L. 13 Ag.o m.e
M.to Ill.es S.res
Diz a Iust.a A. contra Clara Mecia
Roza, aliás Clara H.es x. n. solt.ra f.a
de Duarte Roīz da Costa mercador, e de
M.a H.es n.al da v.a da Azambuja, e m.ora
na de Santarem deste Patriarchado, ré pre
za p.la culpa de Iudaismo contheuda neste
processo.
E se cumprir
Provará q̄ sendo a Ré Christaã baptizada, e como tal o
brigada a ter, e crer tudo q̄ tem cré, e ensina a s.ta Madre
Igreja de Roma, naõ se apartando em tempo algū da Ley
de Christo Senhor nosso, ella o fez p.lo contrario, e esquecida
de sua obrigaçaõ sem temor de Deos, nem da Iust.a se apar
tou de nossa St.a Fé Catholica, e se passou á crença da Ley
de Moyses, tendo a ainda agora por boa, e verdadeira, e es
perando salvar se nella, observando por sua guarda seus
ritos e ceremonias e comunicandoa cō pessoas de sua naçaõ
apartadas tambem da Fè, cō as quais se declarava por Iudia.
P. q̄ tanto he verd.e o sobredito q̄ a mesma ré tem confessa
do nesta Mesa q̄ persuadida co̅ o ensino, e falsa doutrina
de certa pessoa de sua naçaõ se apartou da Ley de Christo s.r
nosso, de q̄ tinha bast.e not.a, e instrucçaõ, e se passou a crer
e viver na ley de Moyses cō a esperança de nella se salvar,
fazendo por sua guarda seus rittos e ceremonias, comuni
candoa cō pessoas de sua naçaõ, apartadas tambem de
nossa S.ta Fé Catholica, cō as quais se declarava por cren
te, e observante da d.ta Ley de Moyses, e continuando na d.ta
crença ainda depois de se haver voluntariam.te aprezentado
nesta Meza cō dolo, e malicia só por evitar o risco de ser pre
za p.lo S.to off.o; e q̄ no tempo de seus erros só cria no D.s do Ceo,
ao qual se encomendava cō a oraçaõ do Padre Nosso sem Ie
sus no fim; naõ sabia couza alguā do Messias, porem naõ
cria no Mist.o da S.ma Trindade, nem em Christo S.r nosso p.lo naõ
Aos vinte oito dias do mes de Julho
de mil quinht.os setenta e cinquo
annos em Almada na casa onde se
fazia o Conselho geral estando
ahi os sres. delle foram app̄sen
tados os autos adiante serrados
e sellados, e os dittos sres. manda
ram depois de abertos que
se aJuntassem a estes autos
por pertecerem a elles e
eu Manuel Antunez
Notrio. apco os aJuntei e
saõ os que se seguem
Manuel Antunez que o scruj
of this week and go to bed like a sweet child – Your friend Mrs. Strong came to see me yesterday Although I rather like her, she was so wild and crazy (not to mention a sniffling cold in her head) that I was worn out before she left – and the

__________________________________________________

Return exactly, and only, the line containing "crença ainda depois" and every line after it through the end of the material.

crença ainda depois de se haver voluntariam.te aprezentado
nesta Meza cō dolo, e malicia só por evitar o risco de ser pre
za p.lo S.to off.o; e q̄ no tempo de seus erros só cria no D.s do Ceo,
ao qual se encomendava cō a oraçaõ do Padre Nosso sem Ie
sus no fim; naõ sabia couza alguā do Messias, porem naõ
cria no Mist.o da S.ma Trindade, nem em Christo S.r nosso p.lo naõ
Aos vinte oito dias do mes de Julho
de mil quinht.os setenta e cinquo
annos em Almada na casa onde se
fazia o Conselho geral estando
ahi os sres. delle foram app̄sen
tados os autos adiante serrados
e sellados, e os dittos sres. manda
ram depois de abertos que
se aJuntassem a estes autos
por pertecerem a elles e
eu Manuel Antunez
Notrio. apco os aJuntei e
saõ os que se seguem
Manuel Antunez que o scruj
of this week and go to bed like a sweet child – Your friend Mrs. Strong came to see me yesterday Although I rather like her, she was so wild and crazy (not to mention a sniffling cold in her head) that I was worn out before she left – and the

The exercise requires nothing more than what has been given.